Workspace has at least one authoritative source per business concept; the agent's job is to find it among the noise.
Governance metadata (Unity Catalog tier, ownership, lineage) provides ranking signals.
Recency / authority signals are reliable.

Doesn't fit / breaks down:

No authoritative source exists — every variant is a fork. Disambiguation cannot manufacture authority. Upstream consolidation required.
Authority signals contradict — the most-recent source is owned by a junior engineer; the most-authorised owner has the stale doc. Agent must surface the ambiguity rather than pick wrongly.
No metadata — workspace is a data swamp; agent must guess.

Surfacing irreconcilable ambiguity¶

When sources cannot be disambiguated (truly contradictory authoritative signals), the agent's correct response is surface the ambiguity to the user, not pick arbitrarily. This connects back to the unanswerability sub- property — some queries should be answered with "the data is inconsistent on this point; here's the discrepancy" rather than a confident wrong answer.

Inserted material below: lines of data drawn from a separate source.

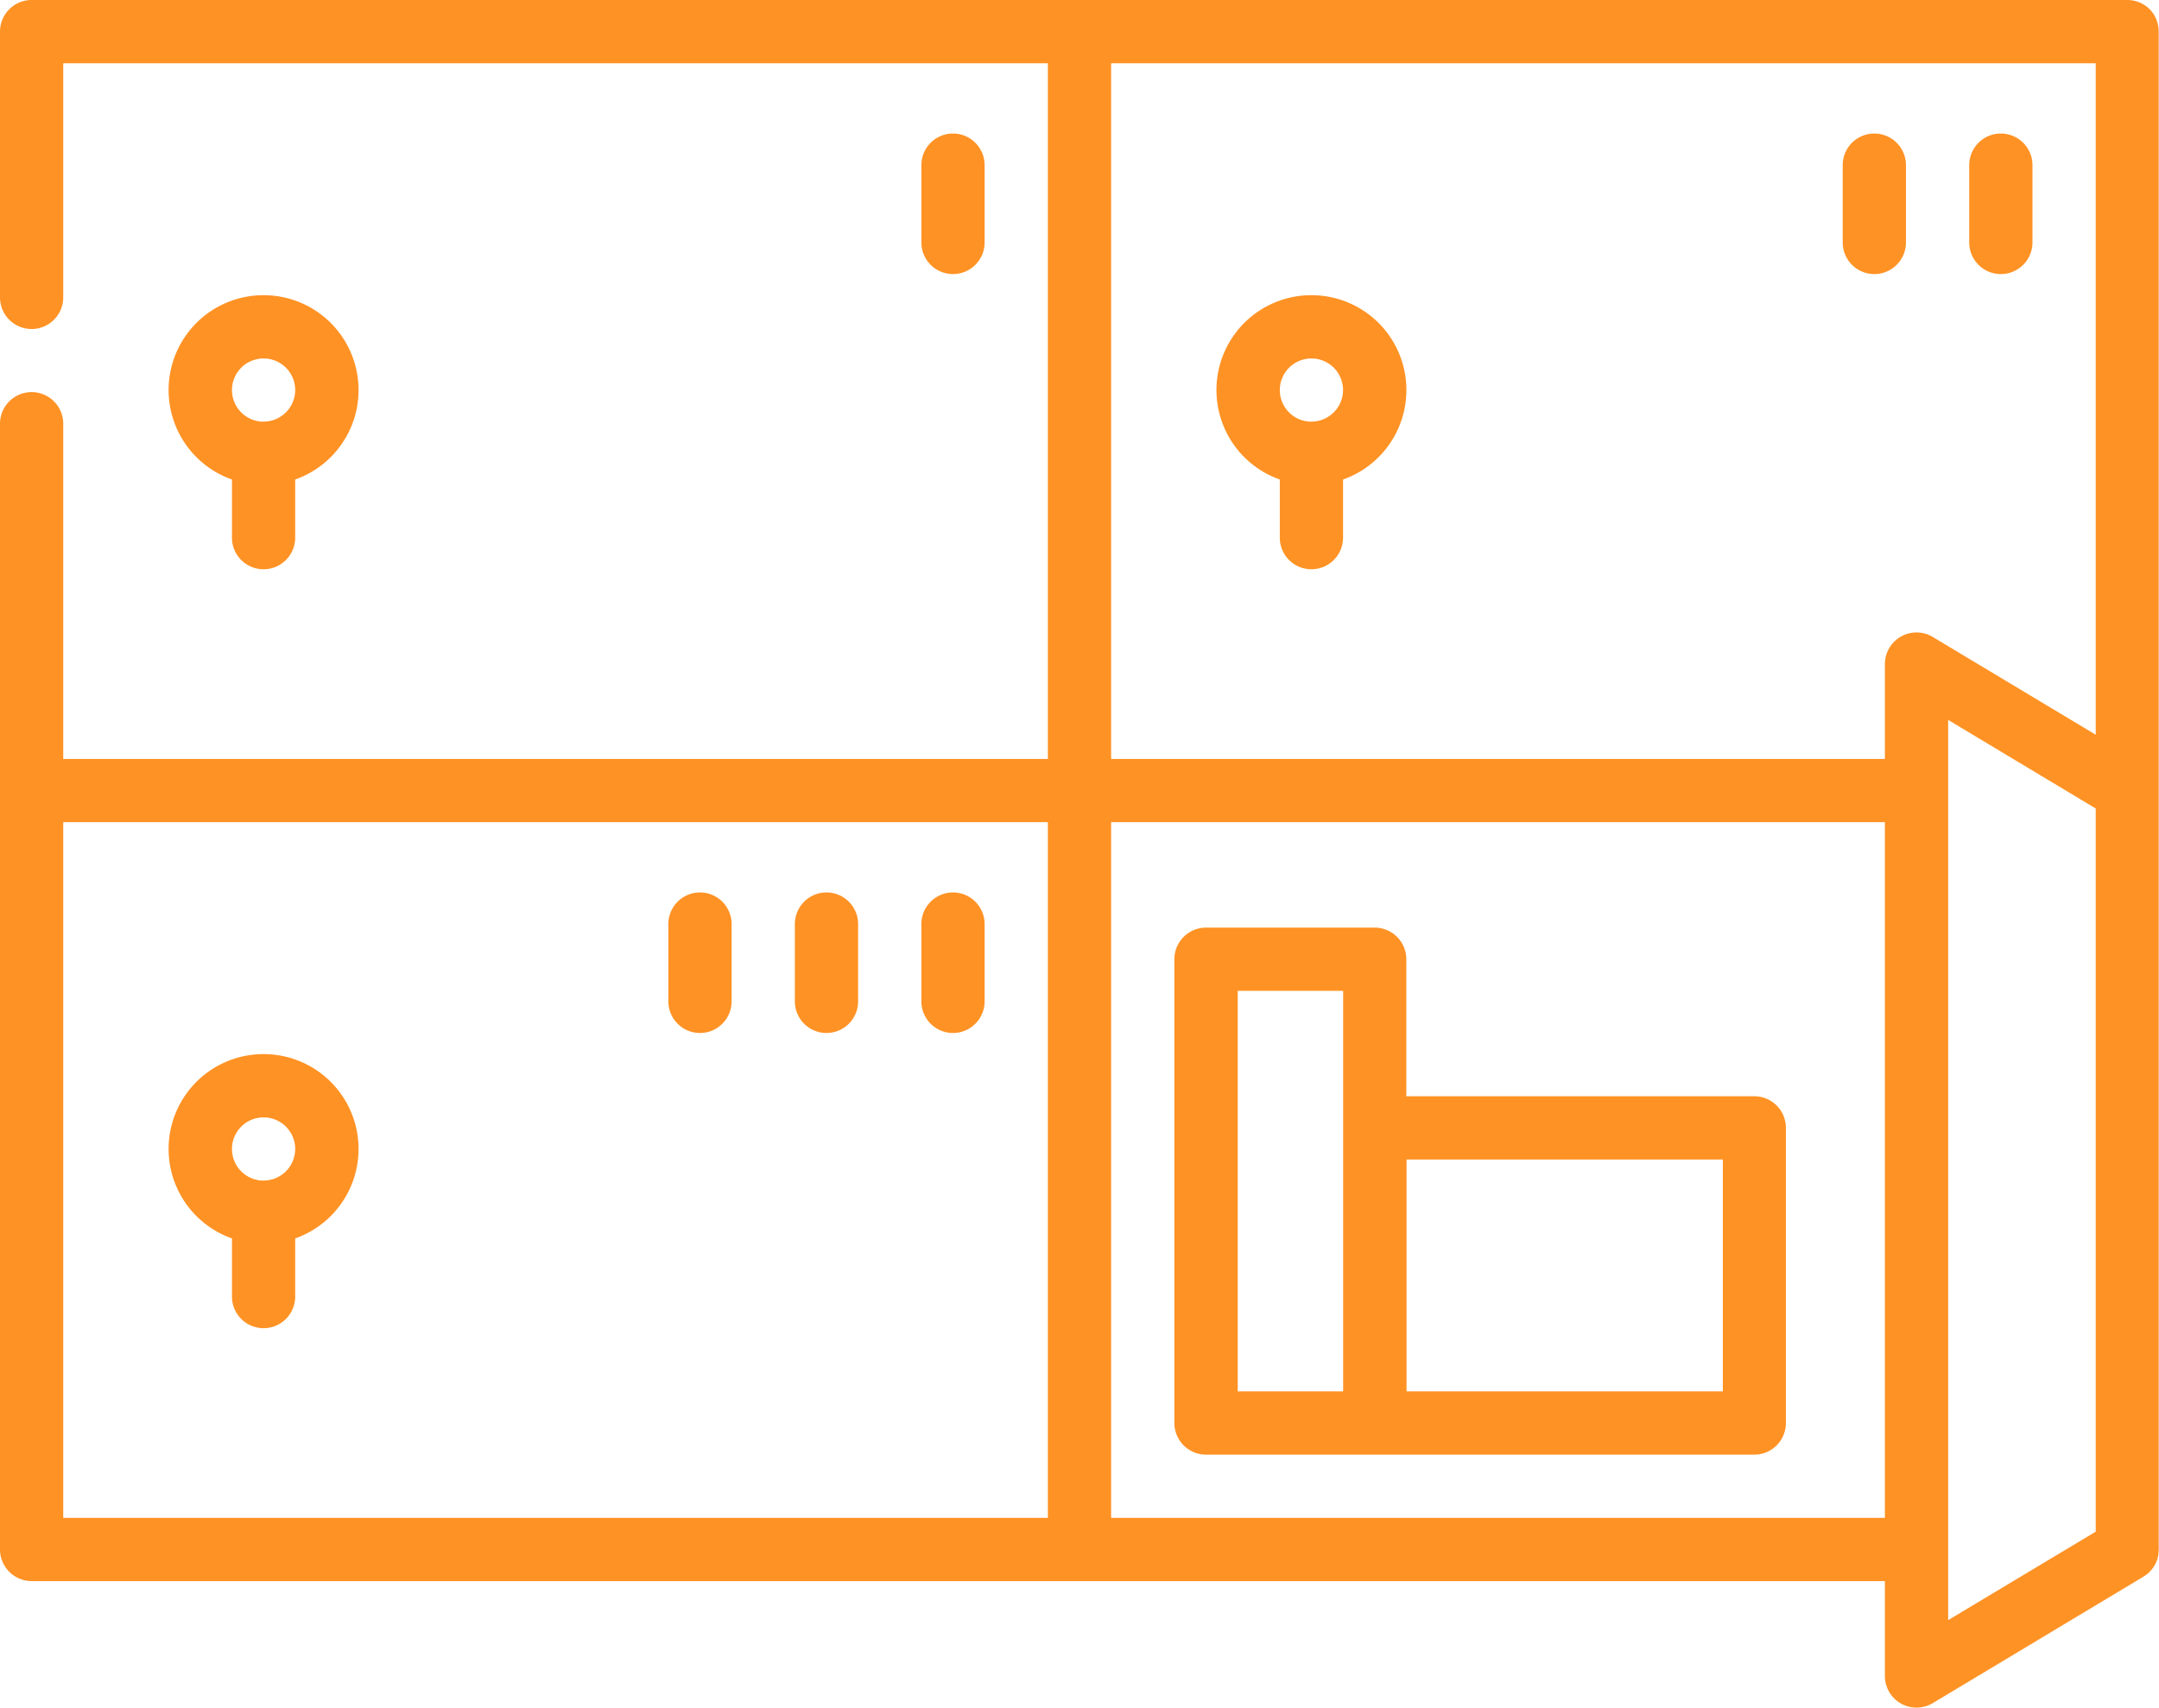 <?xml version="1.0" encoding="UTF-8"?>
<svg xmlns="http://www.w3.org/2000/svg" id="locker" width="62.548" height="49.477" viewBox="0 0 62.548 49.477">
  <g id="Group_510" data-name="Group 510" transform="translate(4.887 8.551)">
    <g id="Group_509" data-name="Group 509">
      <path id="Path_1120" data-name="Path 1120" d="M42.75,123.5a2.748,2.748,0,0,0-.916,5.34v1.685a.916.916,0,1,0,1.832,0v-1.685a2.748,2.748,0,0,0-.916-5.34Zm0,3.665a.916.916,0,1,1,.916-.916A.917.917,0,0,1,42.75,127.163Z" transform="translate(-40.001 -123.498)" fill="#ff9224"></path>
    </g>
  </g>
  <g id="Group_512" data-name="Group 512" transform="translate(26.693 3.869)">
    <g id="Group_511" data-name="Group 511">
      <path id="Path_1121" data-name="Path 1121" d="M219.415,85.166a.916.916,0,0,0-.916.916v2.24a.916.916,0,1,0,1.832,0v-2.24A.916.916,0,0,0,219.415,85.166Z" transform="translate(-218.499 -85.166)" fill="#ff9224"></path>
    </g>
  </g>
  <g id="Group_514" data-name="Group 514" transform="translate(4.887 30.541)">
    <g id="Group_513" data-name="Group 513">
      <path id="Path_1122" data-name="Path 1122" d="M42.75,303.5a2.748,2.748,0,0,0-.916,5.34v1.685a.916.916,0,1,0,1.832,0v-1.685a2.748,2.748,0,0,0-.916-5.34Zm0,3.665a.916.916,0,1,1,.916-.916A.917.917,0,0,1,42.75,307.164Z" transform="translate(-40.001 -303.499)" fill="#ff9224"></path>
    </g>
  </g>
  <g id="Group_516" data-name="Group 516" transform="translate(26.693 25.858)">
    <g id="Group_515" data-name="Group 515">
      <path id="Path_1123" data-name="Path 1123" d="M219.415,265.166a.916.916,0,0,0-.916.916v2.24a.916.916,0,1,0,1.832,0v-2.24A.916.916,0,0,0,219.415,265.166Z" transform="translate(-218.499 -265.166)" fill="#ff9224"></path>
    </g>
  </g>
  <g id="Group_518" data-name="Group 518" transform="translate(23.028 25.858)">
    <g id="Group_517" data-name="Group 517">
      <path id="Path_1124" data-name="Path 1124" d="M189.414,265.166a.916.916,0,0,0-.916.916v2.24a.916.916,0,1,0,1.832,0v-2.24A.916.916,0,0,0,189.414,265.166Z" transform="translate(-188.498 -265.166)" fill="#ff9224"></path>
    </g>
  </g>
  <g id="Group_520" data-name="Group 520" transform="translate(19.363 25.858)">
    <g id="Group_519" data-name="Group 519">
      <path id="Path_1125" data-name="Path 1125" d="M159.415,265.166a.916.916,0,0,0-.916.916v2.24a.916.916,0,1,0,1.832,0v-2.24A.916.916,0,0,0,159.415,265.166Z" transform="translate(-158.499 -265.166)" fill="#ff9224"></path>
    </g>
  </g>
  <g id="Group_522" data-name="Group 522" transform="translate(0 0)">
    <g id="Group_521" data-name="Group 521">
      <path id="Path_1126" data-name="Path 1126" d="M62.279,53.766a.924.924,0,0,0-.647-.268H.916A.916.916,0,0,0,0,54.415v7.7a.916.916,0,0,0,1.832,0V55.331H30.358V75.488H1.832V65.775a.916.916,0,1,0-1.832,0V98.393a.918.918,0,0,0,.916.916H54.607v2.749a.916.916,0,0,0,1.388.786L62.1,99.179l.016-.011q.032-.02.061-.042l.028-.021a.914.914,0,0,0,.074-.067l.024-.026c.016-.017.031-.035.046-.054l.023-.031c.015-.02.028-.041.041-.063l.015-.025a.9.9,0,0,0,.046-.095l.006-.016a.879.879,0,0,0,.028-.085l.008-.03c.006-.026.011-.052.016-.079,0-.01,0-.02,0-.03a.912.912,0,0,0,.007-.109h0V54.415A.923.923,0,0,0,62.279,53.766ZM30.358,97.477H1.832V77.32H30.358Zm24.249,0H32.19V77.32H54.607Zm6.108.4L56.44,100.44V74.357l4.275,2.566Zm0-23.09-4.72-2.833a.916.916,0,0,0-1.388.786v2.749H32.19V55.331H60.715Z" transform="translate(0 -53.498)" fill="#ff9224"></path>
    </g>
  </g>
  <g id="Group_524" data-name="Group 524" transform="translate(35.244 8.551)">
    <g id="Group_523" data-name="Group 523">
      <path id="Path_1127" data-name="Path 1127" d="M291.248,123.5a2.748,2.748,0,0,0-.916,5.34v1.685a.916.916,0,0,0,1.832,0v-1.685a2.748,2.748,0,0,0-.916-5.34Zm0,3.665a.916.916,0,1,1,.916-.916A.917.917,0,0,1,291.248,127.163Z" transform="translate(-288.499 -123.498)" fill="#ff9224"></path>
    </g>
  </g>
  <g id="Group_526" data-name="Group 526" transform="translate(57.05 3.869)">
    <g id="Group_525" data-name="Group 525">
      <path id="Path_1128" data-name="Path 1128" d="M467.913,85.166a.916.916,0,0,0-.916.916v2.24a.916.916,0,1,0,1.832,0v-2.24A.916.916,0,0,0,467.913,85.166Z" transform="translate(-466.997 -85.166)" fill="#ff9224"></path>
    </g>
  </g>
  <g id="Group_528" data-name="Group 528" transform="translate(53.385 3.869)">
    <g id="Group_527" data-name="Group 527">
      <path id="Path_1129" data-name="Path 1129" d="M437.914,85.166a.916.916,0,0,0-.916.916v2.24a.916.916,0,1,0,1.832,0v-2.24A.916.916,0,0,0,437.914,85.166Z" transform="translate(-436.998 -85.166)" fill="#ff9224"></path>
    </g>
  </g>
  <g id="Group_530" data-name="Group 530" transform="translate(34.023 26.876)">
    <g id="Group_529" data-name="Group 529">
      <path id="Path_1130" data-name="Path 1130" d="M295.3,278.388H285.219v-3.97a.916.916,0,0,0-.916-.916h-4.887a.916.916,0,0,0-.916.916v13.438a.916.916,0,0,0,.916.916H295.3a.916.916,0,0,0,.916-.916V279.3A.916.916,0,0,0,295.3,278.388Zm-11.911.916v7.635h-3.054V275.333h3.054Zm11,7.635h-9.163V280.22h9.163Z" transform="translate(-278.5 -273.501)" fill="#ff9224"></path>
    </g>
  </g>
</svg>

concepts/data-agent-unique-challenges lists the three challenges; this is a deep dive on the second.
concepts/specialized-knowledge-search finds candidate sources; this concept ranks among them.
concepts/single-source-of-truth-dashboard is the upstream discipline that makes disambiguation tractable.
concepts/measure-proliferation is the upstream failure mode that makes disambiguation impossible.
concepts/agent-self-correction-loop is the mid-trajectory revision mechanism that fires when the initial disambiguation proves wrong.

Seen in¶

sources/2026-05-08-databricks-pushing-the-frontier-for-data-agents-with-genie — canonical first wiki naming of source-of-truth disambiguation as a data-agent reasoning capability. Verbatim challenge: sources are "often outdated, contradictory, or superseded, forcing the agent to determine the most authoritative information." Positioned as the second of three data-agent unique challenges.
sources/2026-04-29-databricks-companies-winning-with-ai-built-the-data-layer-first — earlier wiki disclosure of the upstream-discipline dependency. Trinity Industries' 600-measure-variants problem framed as the load-bearing precondition for Genie's source-of-truth disambiguation to succeed.